If enabled, this feature applies to all workloads which uses delay binding PVCs. Also non-zero value of metric
plugin_execution_duration_seconds{plugin="VolumeBinding",extension_point="Score"}is a sign indicating this feature is in use. -
What are the SLIs (Service Level Indicators) an operator can use to determine the health of the service?

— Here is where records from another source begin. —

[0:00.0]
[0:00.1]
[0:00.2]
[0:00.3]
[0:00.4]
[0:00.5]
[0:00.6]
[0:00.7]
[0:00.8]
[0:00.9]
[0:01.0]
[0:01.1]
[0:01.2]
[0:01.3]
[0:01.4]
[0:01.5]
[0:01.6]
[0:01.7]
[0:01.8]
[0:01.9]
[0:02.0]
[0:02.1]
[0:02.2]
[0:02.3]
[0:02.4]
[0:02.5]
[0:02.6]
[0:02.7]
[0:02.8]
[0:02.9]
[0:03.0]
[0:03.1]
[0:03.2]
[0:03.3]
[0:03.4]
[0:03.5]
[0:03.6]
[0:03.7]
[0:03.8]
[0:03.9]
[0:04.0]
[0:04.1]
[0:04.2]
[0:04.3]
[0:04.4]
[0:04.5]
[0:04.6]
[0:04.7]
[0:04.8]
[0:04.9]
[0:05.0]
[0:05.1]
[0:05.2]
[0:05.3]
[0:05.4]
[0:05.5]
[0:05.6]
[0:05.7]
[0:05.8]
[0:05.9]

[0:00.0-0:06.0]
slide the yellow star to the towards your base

This feature is implemented in scheduler VolumeBinding plugin. Metric
plugin_execution_duration_seconds{plugin="VolumeBinding",extension_point=~"(Score|ScoreExtensionNormalize)"}can used to to indicate the scheduling latency for a pod using this feature. -
What are the reasonable SLOs (Service Level Objectives) for the above SLIs?
- Metric
plugin_execution_duration_seconds{plugin="VolumeBinding",extension_point=~"(Score|ScoreExtensionNormalize)"}<= 100ms on 90-percentile.
- Metric
-
Are there any missing metrics that would be useful to have to improve observability if this feature?
N/A.
-
Does this feature depend on any specific services running in the cluster?
No.
-
Will enabling / using this feature result in any new API calls?
No
-
Will enabling / using this feature result in introducing new API types?
No.
-
Will enabling / using this feature result in any new calls to cloud provider?
No.
-
Will enabling / using this feature result in increasing size or count of the existing API objects?
No.
-
Will enabling / using this feature result in increasing time taken by any operations covered by [existing SLIs/SLOs][]?

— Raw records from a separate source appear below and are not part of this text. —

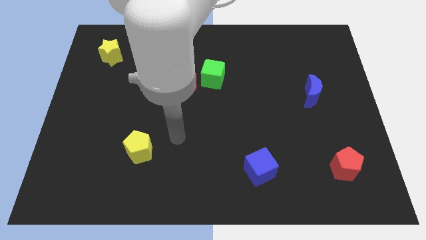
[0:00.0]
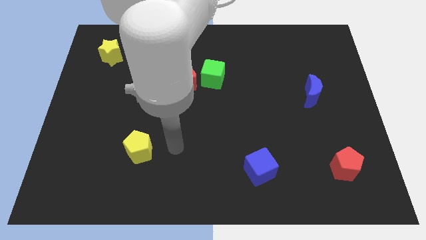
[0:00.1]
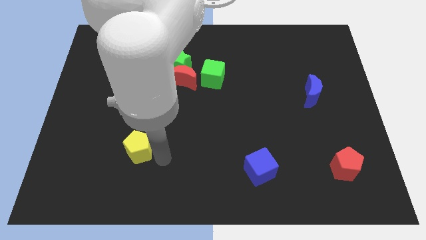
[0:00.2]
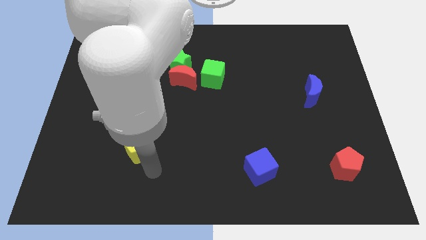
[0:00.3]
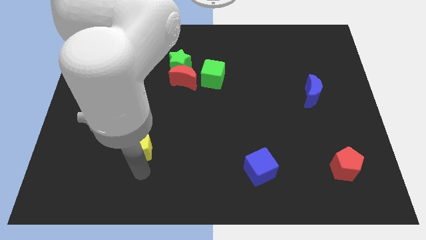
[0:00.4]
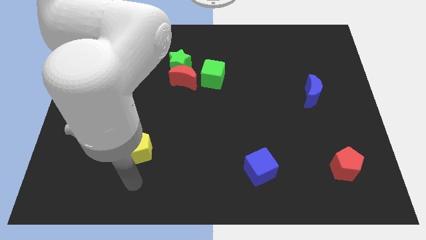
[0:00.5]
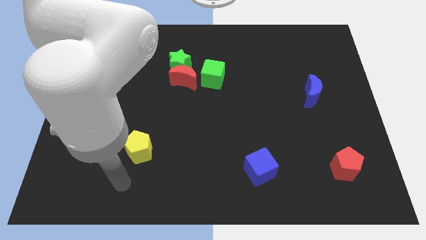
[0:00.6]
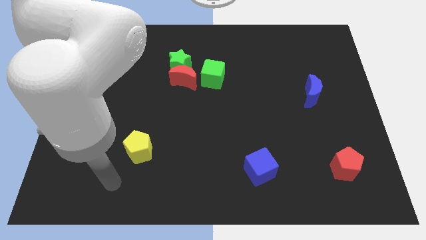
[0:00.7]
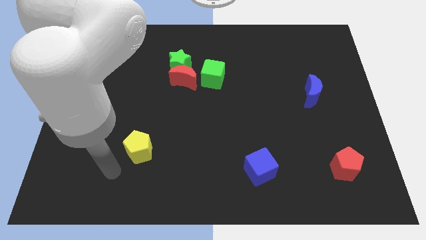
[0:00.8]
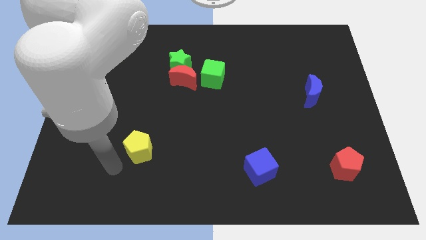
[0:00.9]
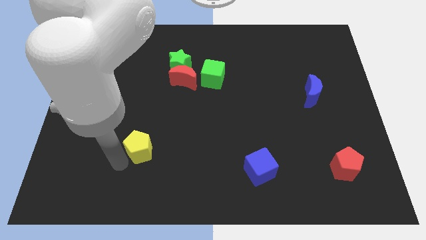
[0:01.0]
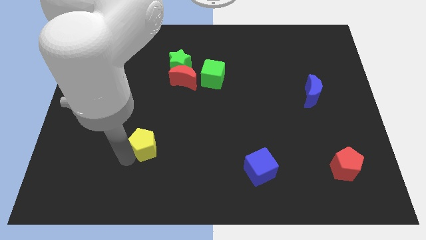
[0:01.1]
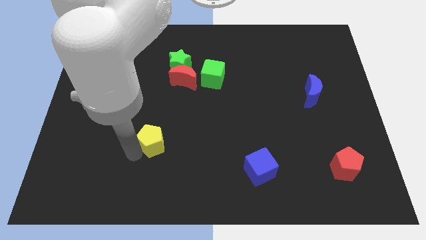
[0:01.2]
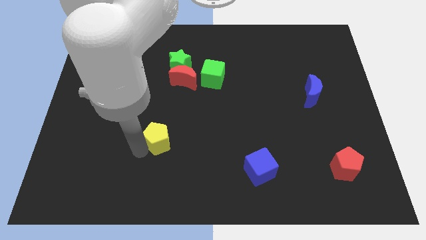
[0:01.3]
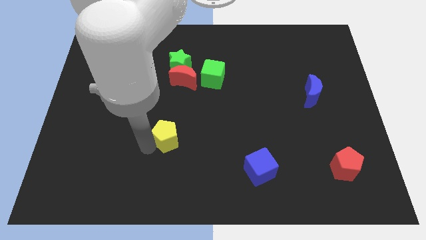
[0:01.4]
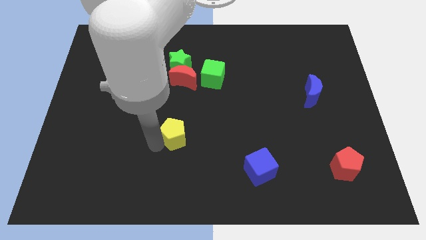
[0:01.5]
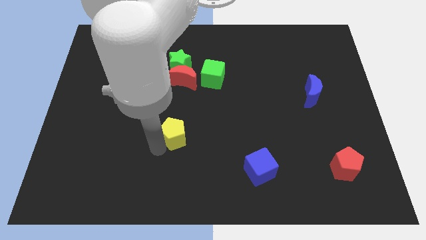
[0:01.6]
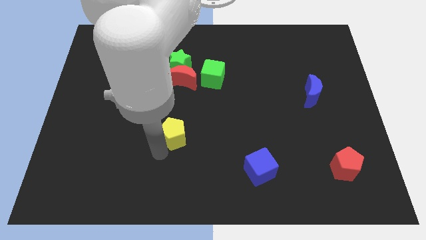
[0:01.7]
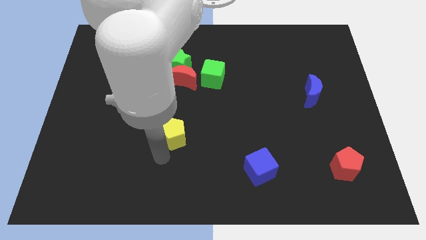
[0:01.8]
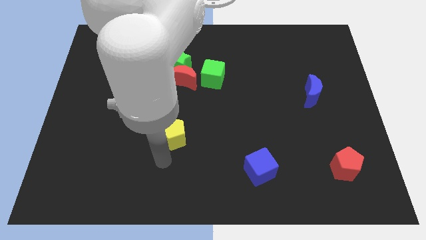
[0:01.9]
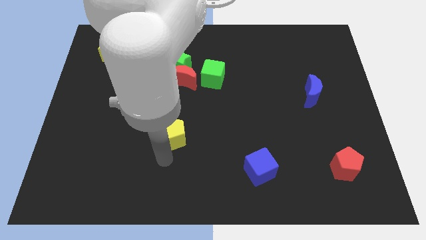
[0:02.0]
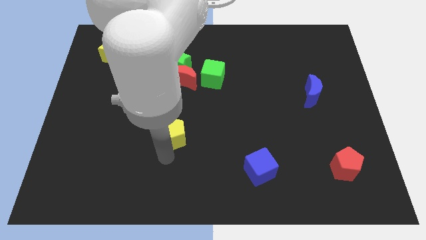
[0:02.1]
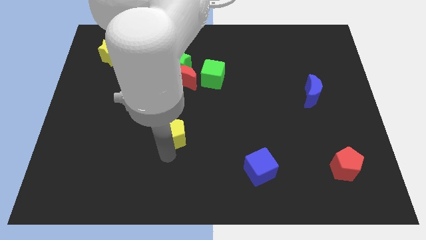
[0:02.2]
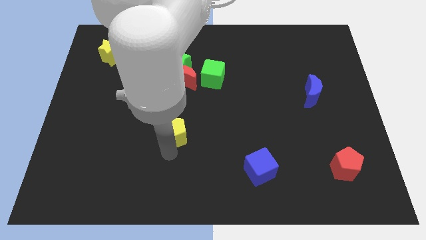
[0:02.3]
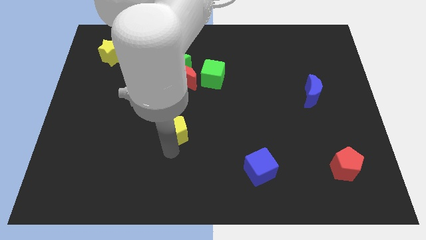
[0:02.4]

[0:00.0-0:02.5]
put the yellow pentagon to the center of the board

This feature needs additional computation, so it's expected to see an increased latency on
plugin_execution_duration_seconds{plugin="VolumeBinding"}- comparing to other plugin latency. But workloads which does not use delay binding PVCs won't get penalties. -
Will enabling / using this feature result in non-negligible increase of resource usage (CPU, RAM, disk, IO, ...) in any components?
No.
-
How does this feature react if the API server and/or etcd is unavailable?
Running pods won't be impacted. Unscheduled pods using this feature will not be scheduled as the API server and/or etcd is unavailable.
-
What are other known failure modes?
N/A.
-
What steps should be taken if SLOs are not being met to determine the problem?
N/A.
- 2020-06-04 Initial KEP sent out for review
- Users can create PVs with fake capacity or sharing capacity of a filesystem volume (e.g. multiple local PVs sharing a filesystem by creating multiple subdirectories). In these scenarios, the calculated scores can't reflect the actual situation.